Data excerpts

--- START ---

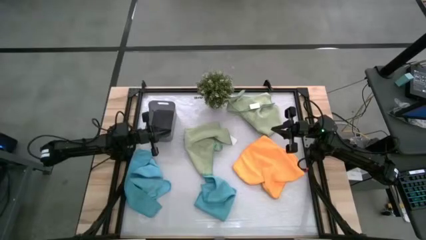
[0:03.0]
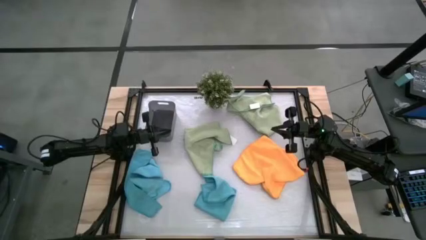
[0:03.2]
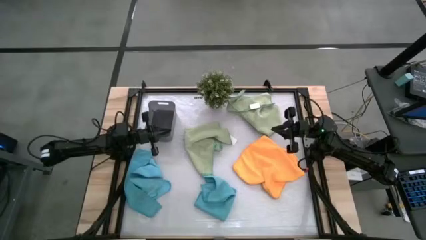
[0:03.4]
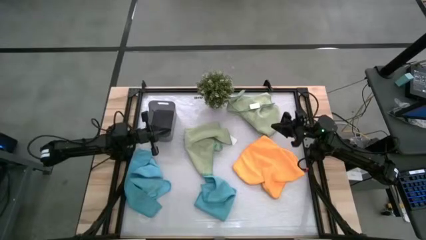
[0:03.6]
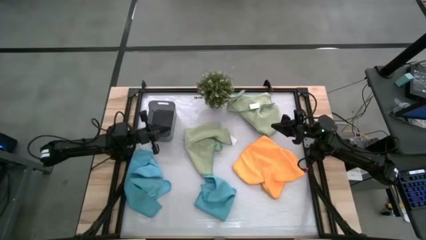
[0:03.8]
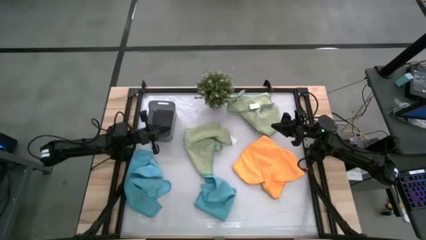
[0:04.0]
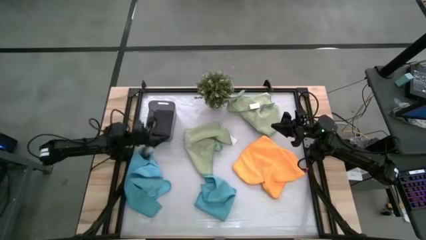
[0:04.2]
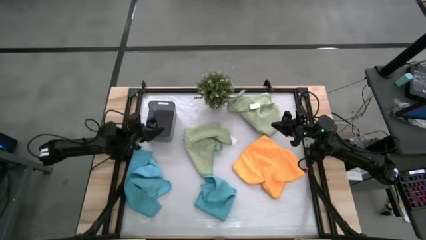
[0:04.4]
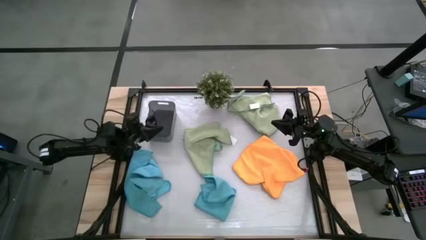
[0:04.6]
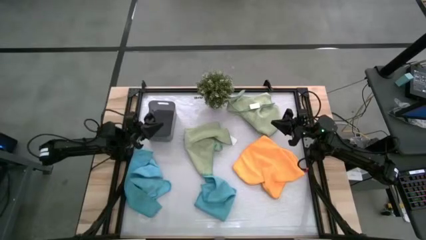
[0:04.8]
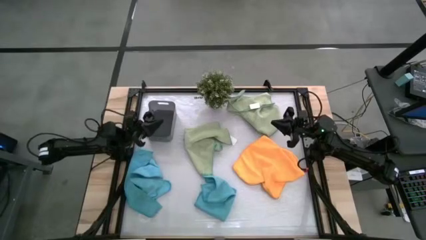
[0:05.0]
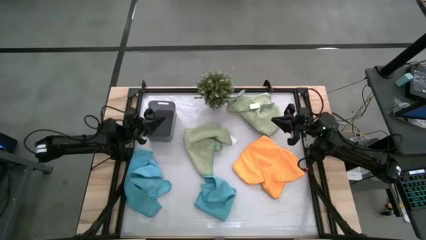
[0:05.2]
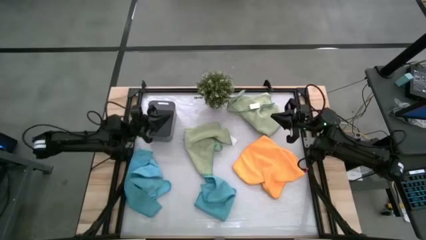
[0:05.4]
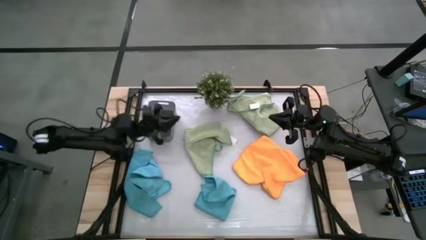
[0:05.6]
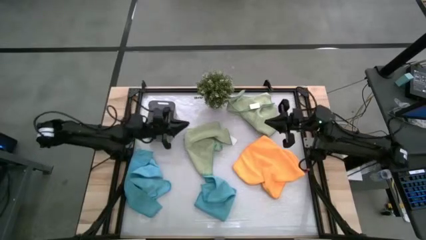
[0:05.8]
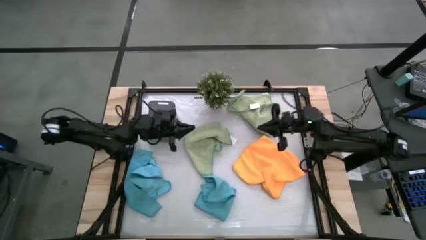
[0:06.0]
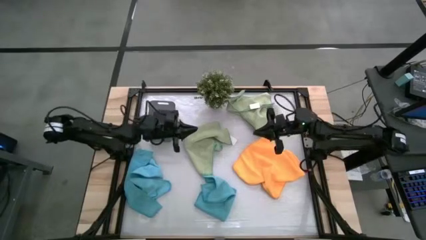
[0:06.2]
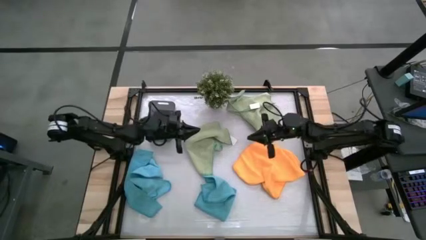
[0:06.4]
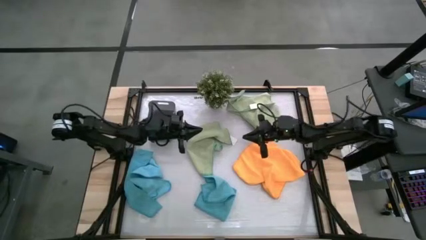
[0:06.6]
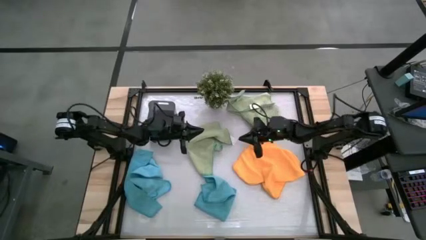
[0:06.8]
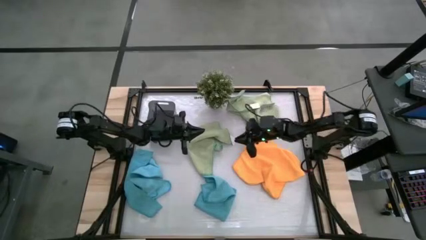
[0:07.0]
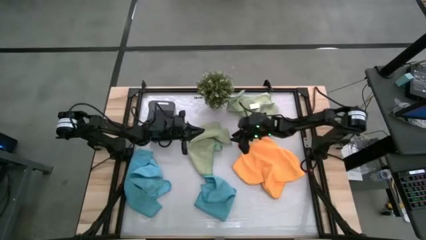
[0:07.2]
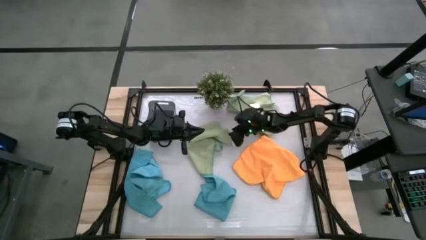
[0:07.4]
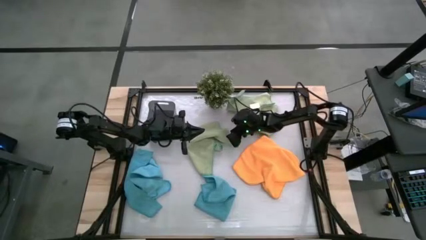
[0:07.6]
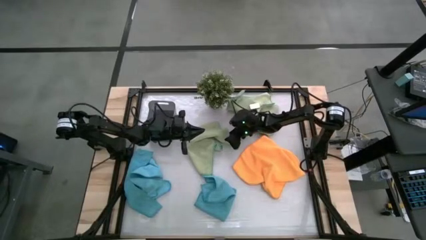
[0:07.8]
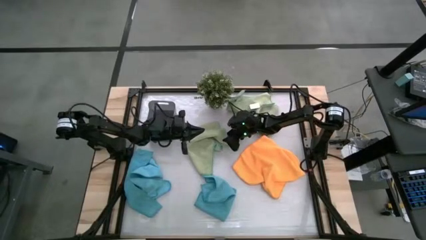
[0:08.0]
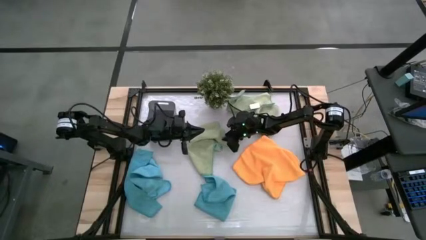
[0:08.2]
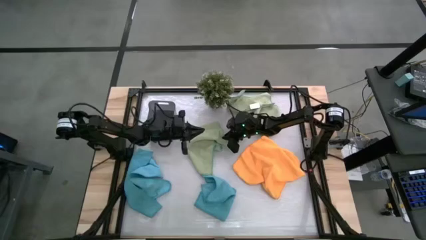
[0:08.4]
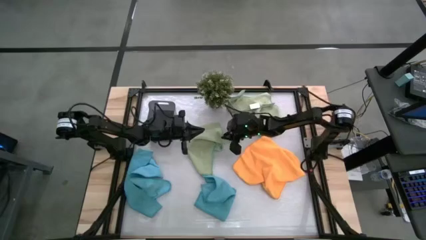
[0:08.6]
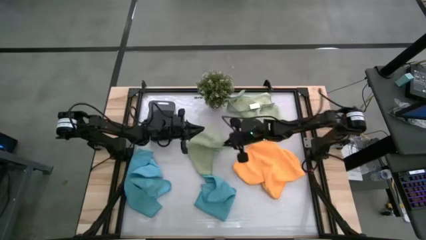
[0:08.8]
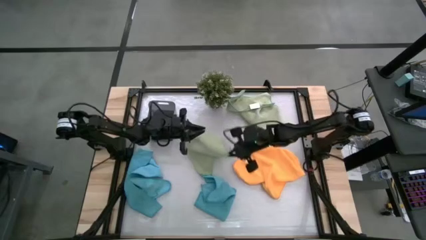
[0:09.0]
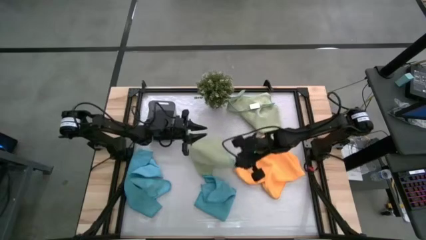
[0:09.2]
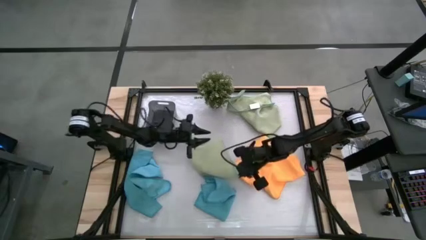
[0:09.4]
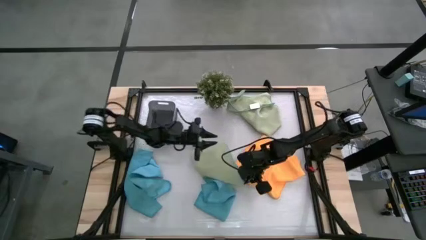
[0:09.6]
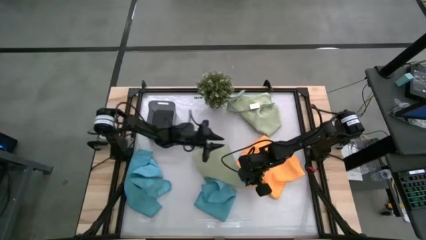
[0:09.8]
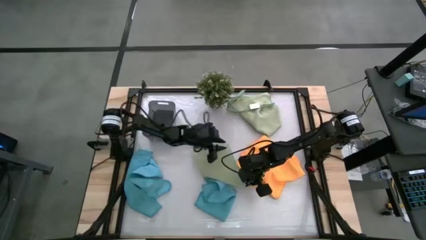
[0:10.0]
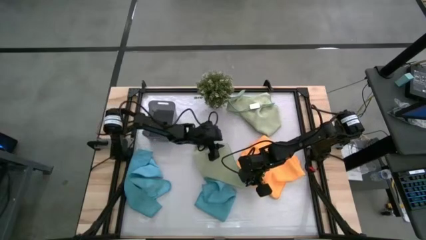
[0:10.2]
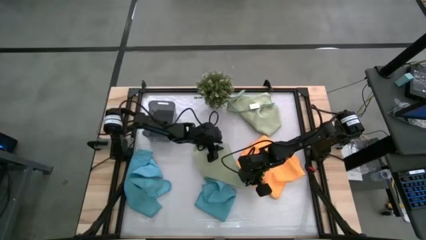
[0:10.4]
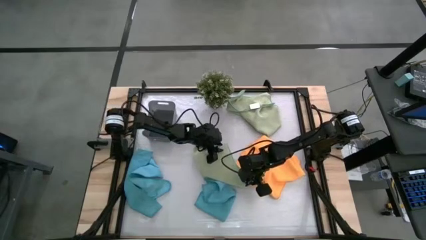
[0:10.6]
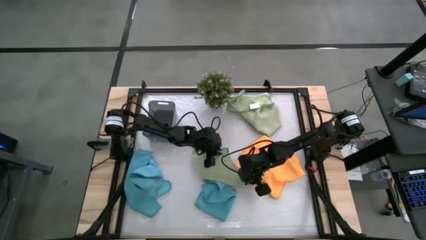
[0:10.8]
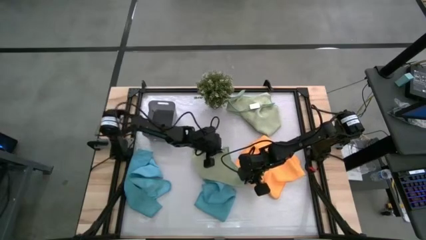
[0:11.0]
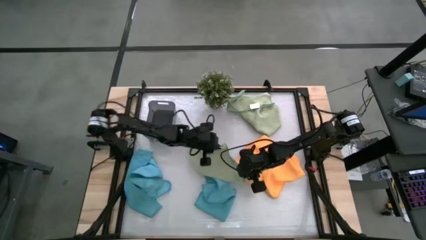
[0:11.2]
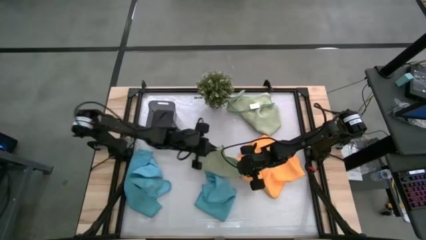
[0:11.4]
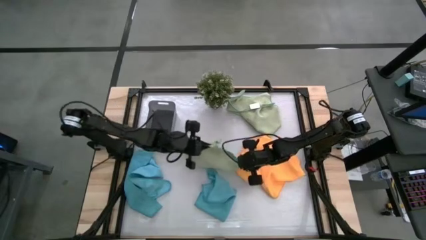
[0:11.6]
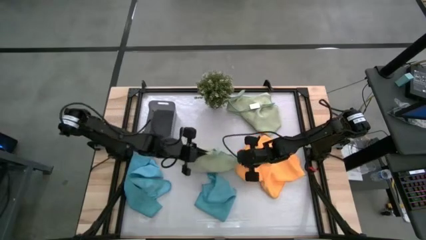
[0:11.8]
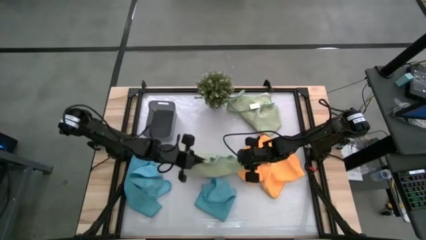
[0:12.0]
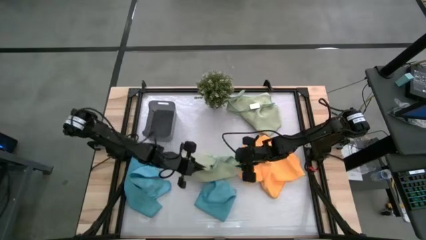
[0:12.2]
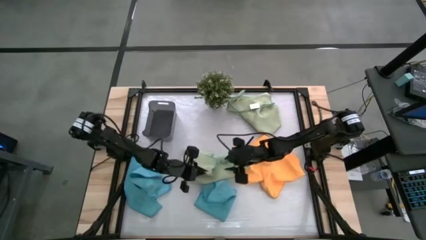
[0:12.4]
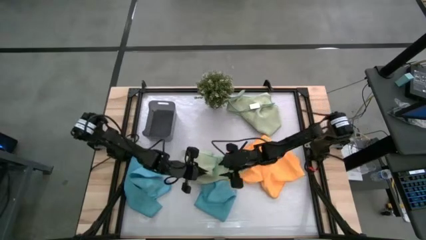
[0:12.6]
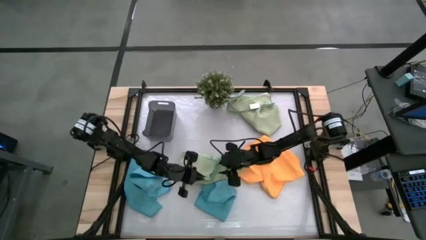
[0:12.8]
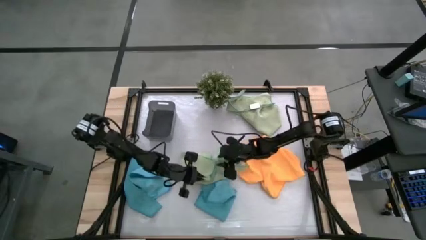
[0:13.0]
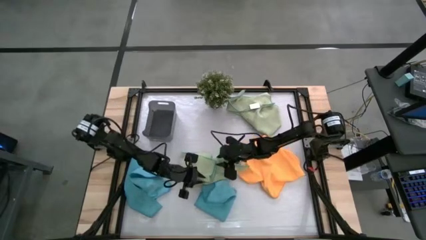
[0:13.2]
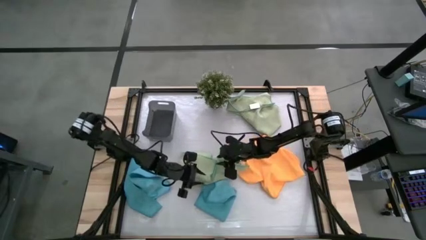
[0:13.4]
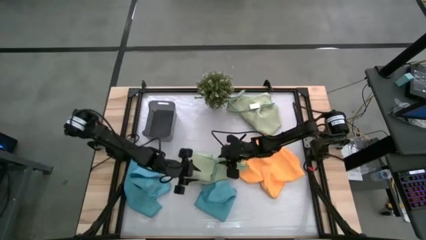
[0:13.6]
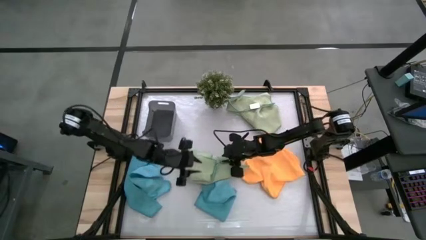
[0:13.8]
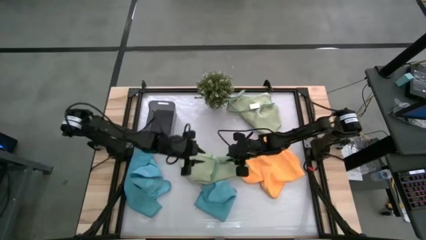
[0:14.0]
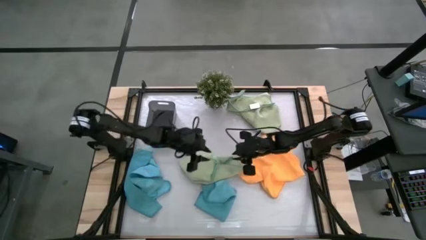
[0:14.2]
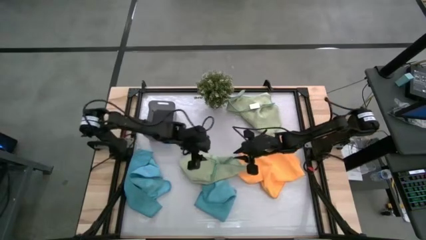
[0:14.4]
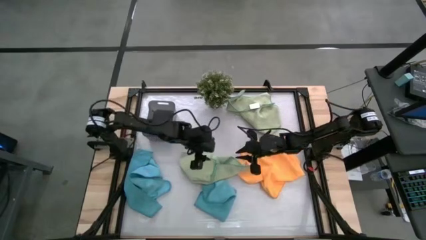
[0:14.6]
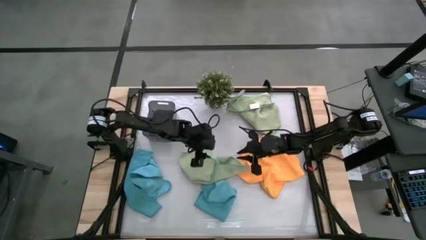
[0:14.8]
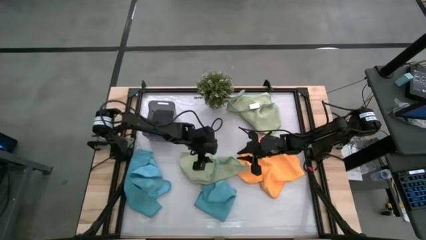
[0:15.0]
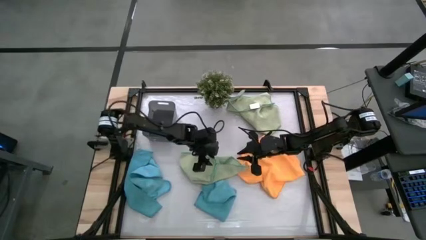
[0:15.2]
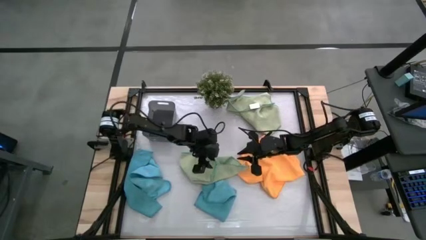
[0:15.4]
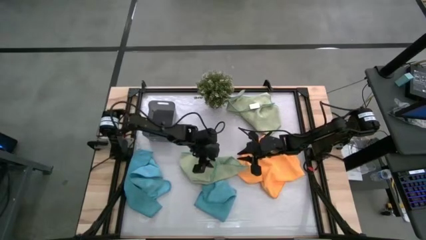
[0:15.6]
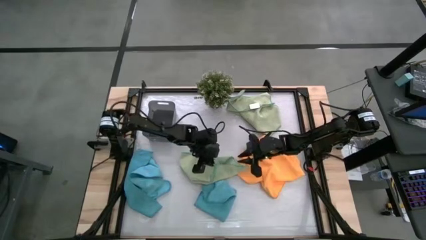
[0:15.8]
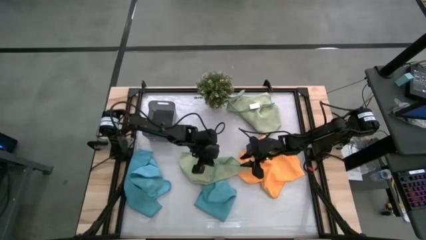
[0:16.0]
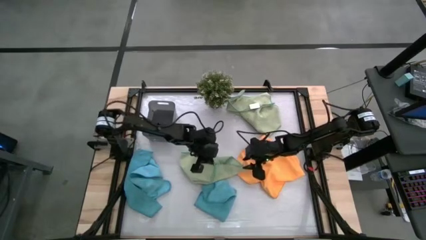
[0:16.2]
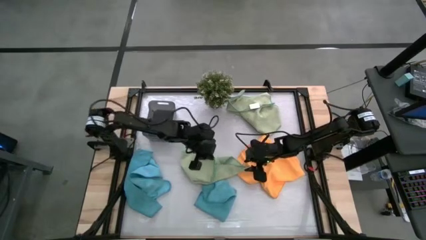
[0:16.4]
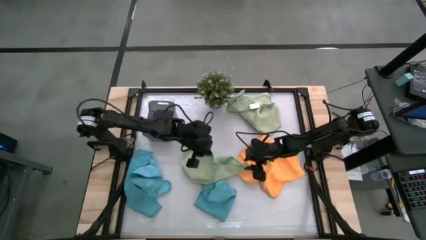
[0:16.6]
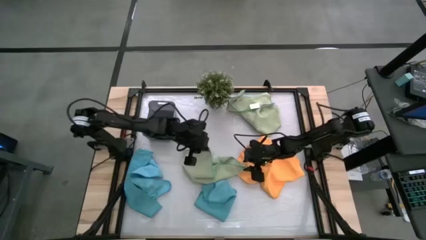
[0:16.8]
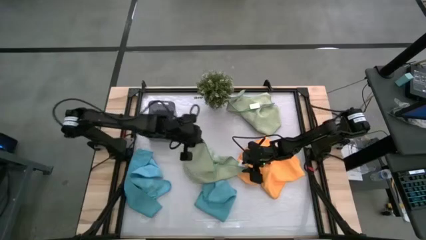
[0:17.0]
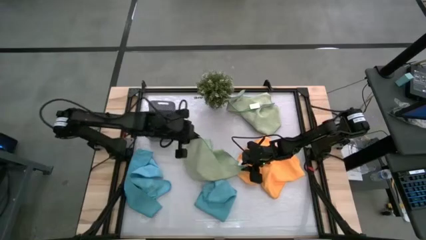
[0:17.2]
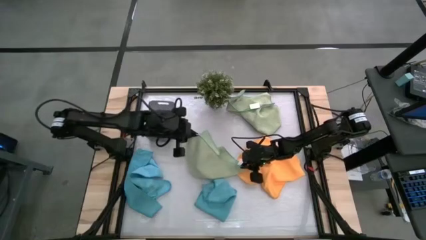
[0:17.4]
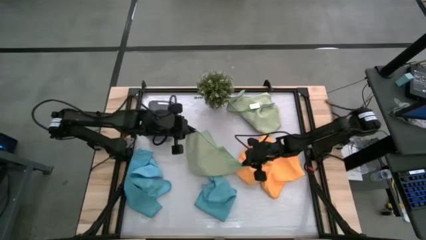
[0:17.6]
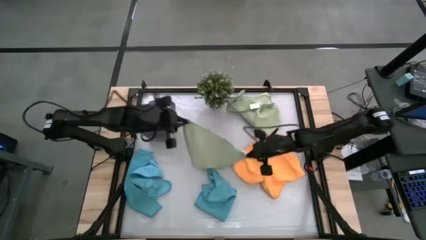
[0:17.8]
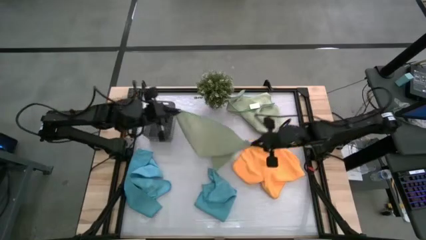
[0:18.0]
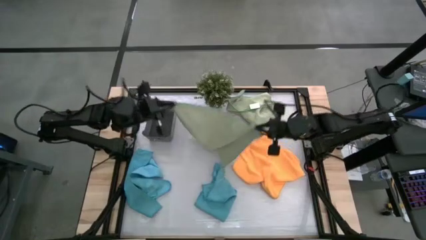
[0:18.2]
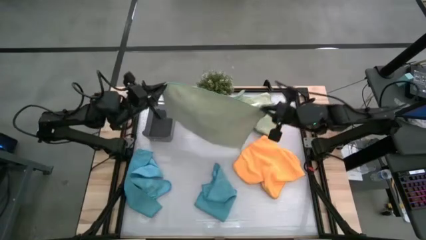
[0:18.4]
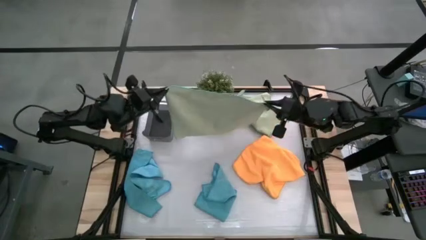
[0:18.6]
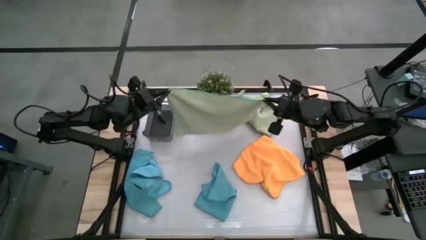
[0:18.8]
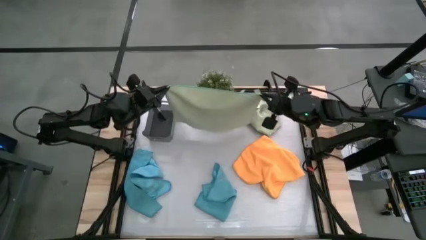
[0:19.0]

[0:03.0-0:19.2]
Task: Fold microfiber towels
Fold the left green microfiber cloth
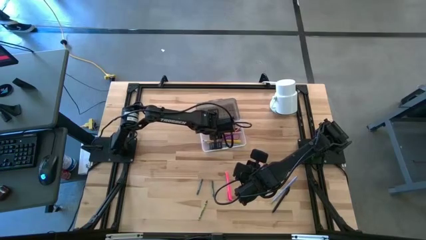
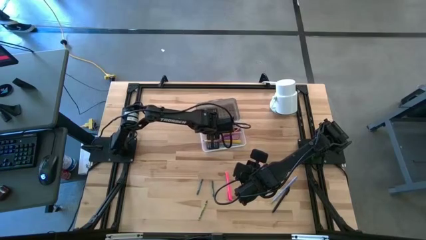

--- END ---

WHAT IS REQUIRED
What's needed is an exact retyping of the records, pictures excluded.

THE COMPLETED TASK
[0:03.0]
[0:03.2]
[0:03.4]
[0:03.6]
[0:03.8]
[0:04.0]
[0:04.2]
[0:04.4]
[0:04.6]
[0:04.8]
[0:05.0]
[0:05.2]
[0:05.4]
[0:05.6]
[0:05.8]
[0:06.0]
[0:06.2]
[0:06.4]
[0:06.6]
[0:06.8]
[0:07.0]
[0:07.2]
[0:07.4]
[0:07.6]
[0:07.8]
[0:08.0]
[0:08.2]
[0:08.4]
[0:08.6]
[0:08.8]
[0:09.0]
[0:09.2]
[0:09.4]
[0:09.6]
[0:09.8]
[0:10.0]
[0:10.2]
[0:10.4]
[0:10.6]
[0:10.8]
[0:11.0]
[0:11.2]
[0:11.4]
[0:11.6]
[0:11.8]
[0:12.0]
[0:12.2]
[0:12.4]
[0:12.6]
[0:12.8]
[0:13.0]
[0:13.2]
[0:13.4]
[0:13.6]
[0:13.8]
[0:14.0]
[0:14.2]
[0:14.4]
[0:14.6]
[0:14.8]
[0:15.0]
[0:15.2]
[0:15.4]
[0:15.6]
[0:15.8]
[0:16.0]
[0:16.2]
[0:16.4]
[0:16.6]
[0:16.8]
[0:17.0]
[0:17.2]
[0:17.4]
[0:17.6]
[0:17.8]
[0:18.0]
[0:18.2]
[0:18.4]
[0:18.6]
[0:18.8]
[0:19.0]

[0:03.0-0:19.2]
Task: Fold microfiber towels
Fold the left green microfiber cloth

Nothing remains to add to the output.